In processing block 18, the function call is rewritten by realizing that the automaton applied to the results of the function call will yield the same results as calling a new function which does the same work as the old function, but also calls the ALC at the end on its results before passing them back.
Referring now to
Processing block 116 recites optimizing the program, the optimizing including pre-computing as much output as possible using the at least one ALC, the optimizing resulting in optimized program code. Processing block 118 discloses that the optimizing comprises checking top-level program constructs and matching at least one of the top-level program constructs to at least one ALC. Processing block 120 states optimizing the program includes the at least one ALC being provided with a sequence of objects which are processed one at a time, and wherein the current state starts as the initial state for the at least one ALC and wherein as each object is processed the processed object is matched to a first possible state transition of the ALC such that the state number of the transition matches the current state and the pattern matches the processed object, the at least one ALC outputs the output object sequence in the matched state transition and changes to the target state in the matched transition, and wherein prior to processing, the object is compiled and optimized based on at least one of the group comprising partial evaluation, deforestation, partial deforestation and language compilation techniques.
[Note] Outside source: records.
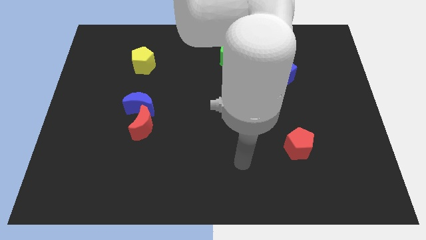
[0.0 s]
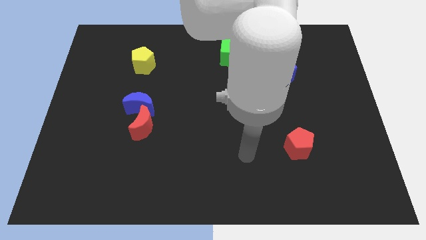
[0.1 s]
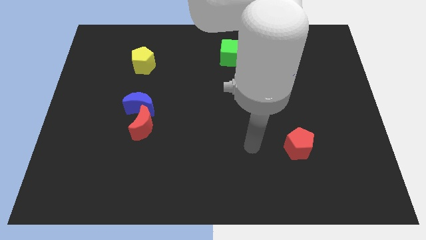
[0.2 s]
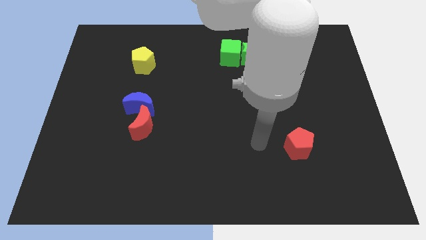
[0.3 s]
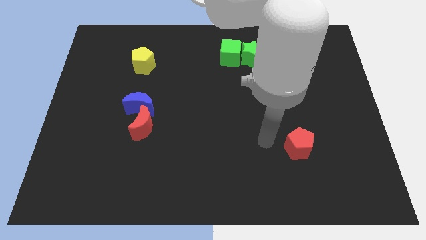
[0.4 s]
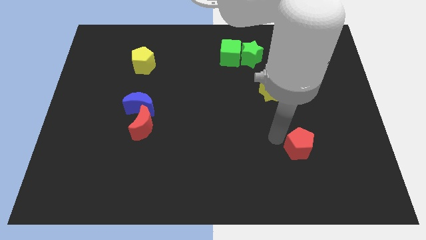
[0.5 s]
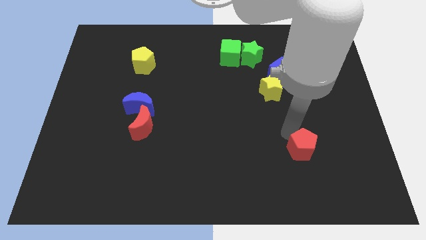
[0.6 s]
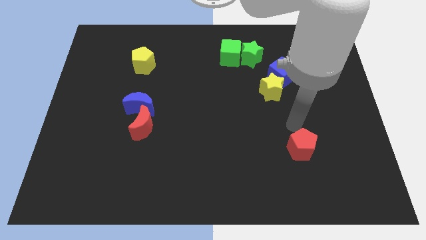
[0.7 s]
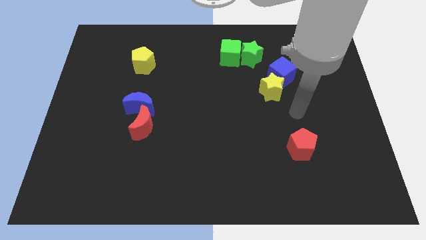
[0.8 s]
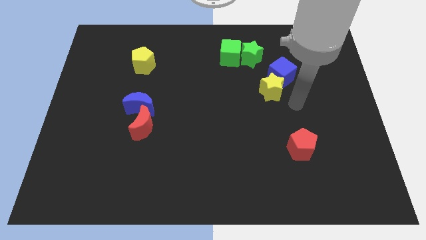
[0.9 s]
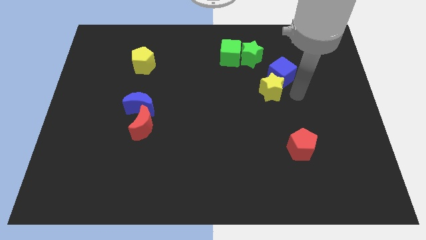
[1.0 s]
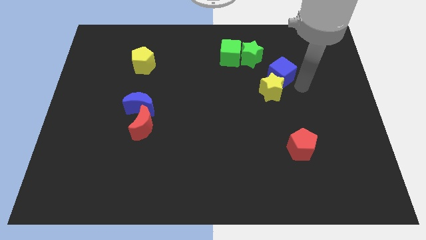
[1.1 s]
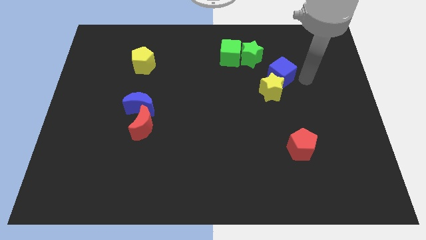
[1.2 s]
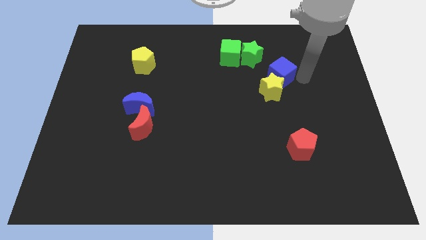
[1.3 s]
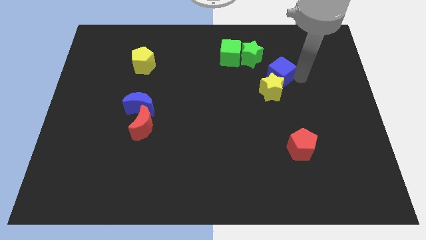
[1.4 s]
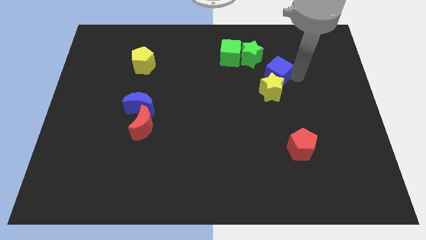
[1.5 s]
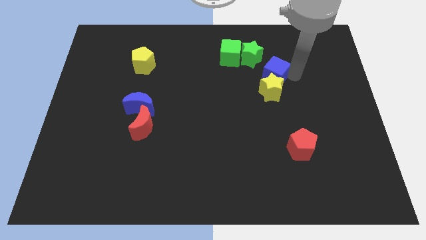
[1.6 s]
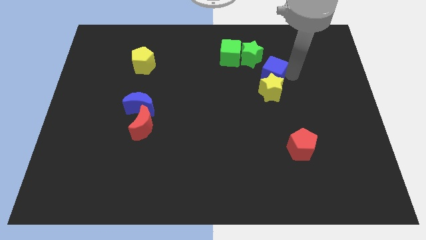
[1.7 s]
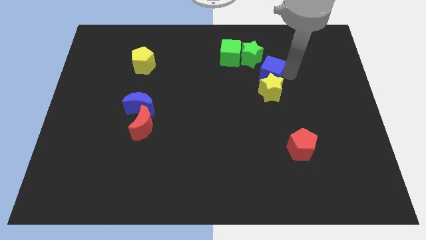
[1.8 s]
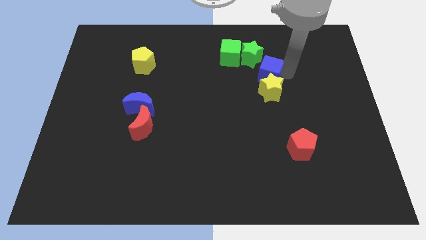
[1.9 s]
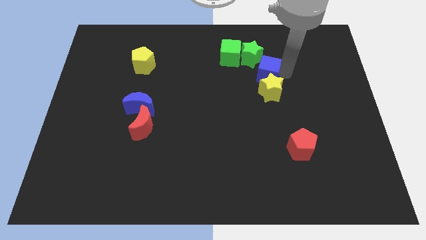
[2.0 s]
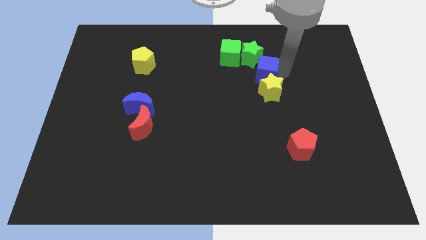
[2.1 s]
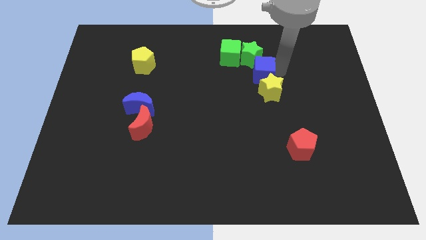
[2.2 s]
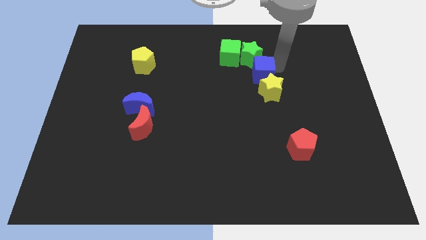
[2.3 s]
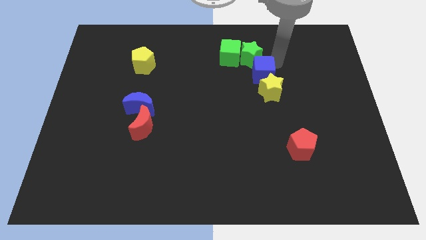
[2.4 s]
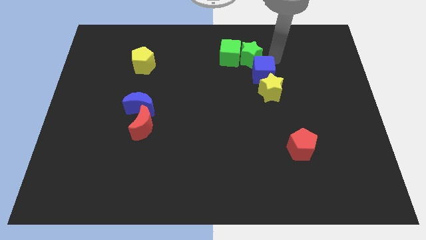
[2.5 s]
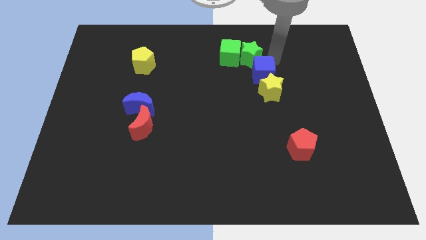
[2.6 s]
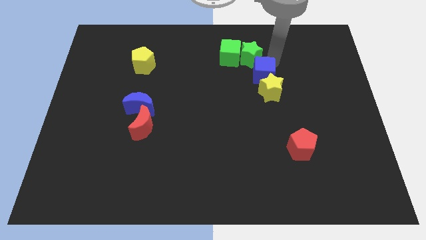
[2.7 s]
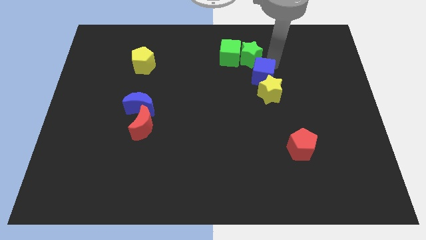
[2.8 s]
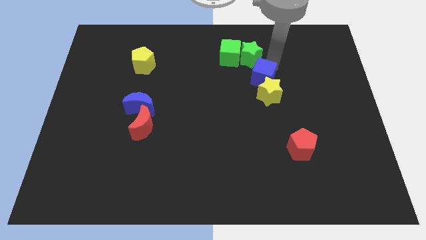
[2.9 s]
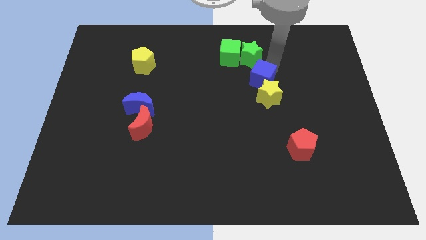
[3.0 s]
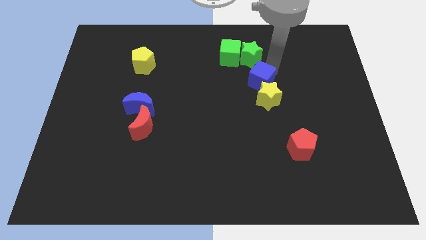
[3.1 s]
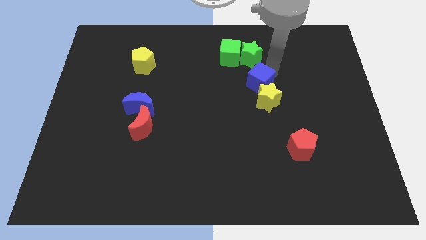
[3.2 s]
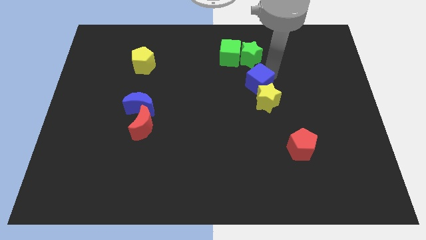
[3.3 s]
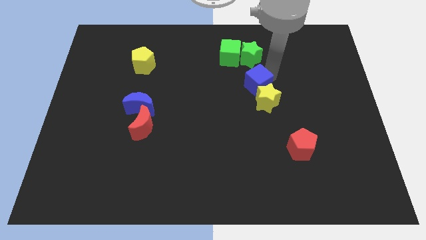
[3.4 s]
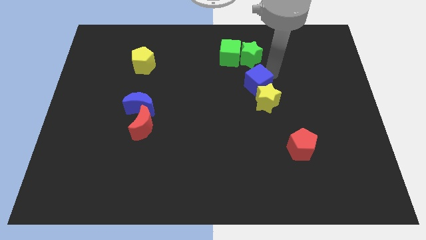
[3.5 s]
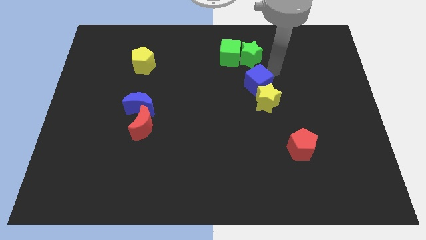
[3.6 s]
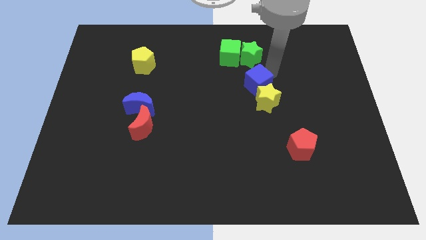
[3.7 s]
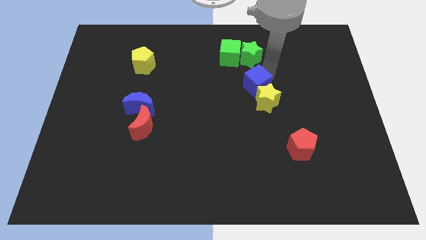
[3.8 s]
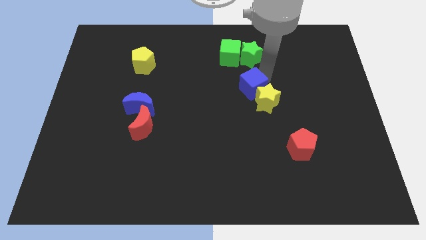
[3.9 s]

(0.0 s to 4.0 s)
slightly move the blue cube down and to the left diagonally

Processing block 122 recites comprising executing the optimized program code. In a particular embodiment, as recited in processing block 124 the program comprises an extensible markup language (XML) processing program and wherein the ALC comprises a core XML serializer.
Processing block 126 discloses the optimized program code is subject to additional processing, the additional processing including at least one of the group comprising storing the optimized program code, compiling the optimized program code to native code, compiling the optimized program code to byte code, and compiling the optimized program code to Virtual Memory (VM) instructions.
By way of the above described ALC and method of performing program optimization using Automaton Loop Construct (ALC), instead of construction programs as they are today, mostly functional programs are constructed including the new ALC constructs in key places. A compiler partially evaluates the entire programs, where possible, deforests as much as possible, including all of the techniques that have been described to precompute as much of the output as possible. The resulting code is executed, in any form that code can be executed in, including the ALCs. There is less reformulating of data, and less processing, and thus the program runs much faster and use less memory.
Having described preferred embodiments of the invention it will now become apparent to those of ordinary skill in the art that other embodiments incorporating these concepts may be used. Additionally, the software included as part of the invention may be embodied in a computer program product that includes a computer useable medium. For example, such a computer usable medium can include a readable memory device, such as a hard drive device, a CD-ROM, a DVD-ROM, or a computer diskette, having computer readable program code segments stored thereon. The computer readable medium can also include a communications link, either optical, wired, or wireless, having program code segments carried thereon as digital or analog signals. Accordingly, it is submitted that that the invention should not be limited to the described embodiments but rather should be limited only by the spirit and scope of the appended claims.